Source material:
####################

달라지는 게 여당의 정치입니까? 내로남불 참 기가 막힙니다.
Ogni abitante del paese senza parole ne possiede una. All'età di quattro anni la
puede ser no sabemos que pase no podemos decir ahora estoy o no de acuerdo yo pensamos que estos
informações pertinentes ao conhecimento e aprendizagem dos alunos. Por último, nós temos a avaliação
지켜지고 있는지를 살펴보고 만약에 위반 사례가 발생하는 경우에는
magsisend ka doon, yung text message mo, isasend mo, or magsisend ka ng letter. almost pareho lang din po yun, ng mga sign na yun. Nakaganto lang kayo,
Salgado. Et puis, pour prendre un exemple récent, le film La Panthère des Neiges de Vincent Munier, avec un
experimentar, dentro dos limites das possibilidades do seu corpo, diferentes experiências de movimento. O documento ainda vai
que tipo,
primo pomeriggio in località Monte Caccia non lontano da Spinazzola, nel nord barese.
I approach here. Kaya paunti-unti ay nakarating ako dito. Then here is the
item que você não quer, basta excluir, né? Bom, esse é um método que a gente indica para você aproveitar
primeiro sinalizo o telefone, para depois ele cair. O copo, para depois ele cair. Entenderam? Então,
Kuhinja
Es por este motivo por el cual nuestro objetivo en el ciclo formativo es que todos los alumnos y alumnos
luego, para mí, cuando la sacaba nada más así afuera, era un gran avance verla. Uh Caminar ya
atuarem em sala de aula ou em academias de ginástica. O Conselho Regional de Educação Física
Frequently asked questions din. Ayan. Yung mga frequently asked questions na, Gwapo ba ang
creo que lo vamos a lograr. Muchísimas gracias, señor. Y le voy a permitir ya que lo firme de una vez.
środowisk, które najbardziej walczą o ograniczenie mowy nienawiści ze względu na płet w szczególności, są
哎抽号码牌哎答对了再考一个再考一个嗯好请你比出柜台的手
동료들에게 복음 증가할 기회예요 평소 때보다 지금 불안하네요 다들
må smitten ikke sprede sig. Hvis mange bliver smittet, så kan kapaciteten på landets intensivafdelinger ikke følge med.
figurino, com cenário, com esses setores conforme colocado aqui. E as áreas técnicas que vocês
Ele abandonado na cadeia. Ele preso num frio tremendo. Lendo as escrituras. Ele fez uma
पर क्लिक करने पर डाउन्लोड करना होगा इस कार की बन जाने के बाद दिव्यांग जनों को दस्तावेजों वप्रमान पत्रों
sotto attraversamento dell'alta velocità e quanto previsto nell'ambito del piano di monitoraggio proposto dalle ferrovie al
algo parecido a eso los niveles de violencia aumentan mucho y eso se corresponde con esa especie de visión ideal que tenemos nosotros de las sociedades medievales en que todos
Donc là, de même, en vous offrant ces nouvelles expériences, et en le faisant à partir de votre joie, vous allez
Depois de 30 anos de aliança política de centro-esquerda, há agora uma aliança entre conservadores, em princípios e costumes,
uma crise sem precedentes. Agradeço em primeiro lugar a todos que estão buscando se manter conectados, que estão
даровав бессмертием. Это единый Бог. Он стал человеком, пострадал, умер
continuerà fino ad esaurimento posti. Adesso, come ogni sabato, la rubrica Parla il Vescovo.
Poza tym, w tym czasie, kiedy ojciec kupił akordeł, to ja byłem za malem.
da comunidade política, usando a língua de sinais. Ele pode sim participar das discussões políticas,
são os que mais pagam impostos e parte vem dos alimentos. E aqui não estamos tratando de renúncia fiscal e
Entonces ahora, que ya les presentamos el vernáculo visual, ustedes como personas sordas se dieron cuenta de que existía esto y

####################

Please output the lines of the listing above that fall in the stretch from the one with "item que você" through the one with "Poza tym, w", exactly and only those.

item que você não quer, basta excluir, né? Bom, esse é um método que a gente indica para você aproveitar
primeiro sinalizo o telefone, para depois ele cair. O copo, para depois ele cair. Entenderam? Então,
Kuhinja
Es por este motivo por el cual nuestro objetivo en el ciclo formativo es que todos los alumnos y alumnos
luego, para mí, cuando la sacaba nada más así afuera, era un gran avance verla. Uh Caminar ya
atuarem em sala de aula ou em academias de ginástica. O Conselho Regional de Educação Física
Frequently asked questions din. Ayan. Yung mga frequently asked questions na, Gwapo ba ang
creo que lo vamos a lograr. Muchísimas gracias, señor. Y le voy a permitir ya que lo firme de una vez.
środowisk, które najbardziej walczą o ograniczenie mowy nienawiści ze względu na płet w szczególności, są
哎抽号码牌哎答对了再考一个再考一个嗯好请你比出柜台的手
동료들에게 복음 증가할 기회예요 평소 때보다 지금 불안하네요 다들
må smitten ikke sprede sig. Hvis mange bliver smittet, så kan kapaciteten på landets intensivafdelinger ikke følge med.
figurino, com cenário, com esses setores conforme colocado aqui. E as áreas técnicas que vocês
Ele abandonado na cadeia. Ele preso num frio tremendo. Lendo as escrituras. Ele fez uma
पर क्लिक करने पर डाउन्लोड करना होगा इस कार की बन जाने के बाद दिव्यांग जनों को दस्तावेजों वप्रमान पत्रों
sotto attraversamento dell'alta velocità e quanto previsto nell'ambito del piano di monitoraggio proposto dalle ferrovie al
algo parecido a eso los niveles de violencia aumentan mucho y eso se corresponde con esa especie de visión ideal que tenemos nosotros de las sociedades medievales en que todos
Donc là, de même, en vous offrant ces nouvelles expériences, et en le faisant à partir de votre joie, vous allez
Depois de 30 anos de aliança política de centro-esquerda, há agora uma aliança entre conservadores, em princípios e costumes,
uma crise sem precedentes. Agradeço em primeiro lugar a todos que estão buscando se manter conectados, que estão
даровав бессмертием. Это единый Бог. Он стал человеком, пострадал, умер
continuerà fino ad esaurimento posti. Adesso, come ogni sabato, la rubrica Parla il Vescovo.
Poza tym, w tym czasie, kiedy ojciec kupił akordeł, to ja byłem za malem.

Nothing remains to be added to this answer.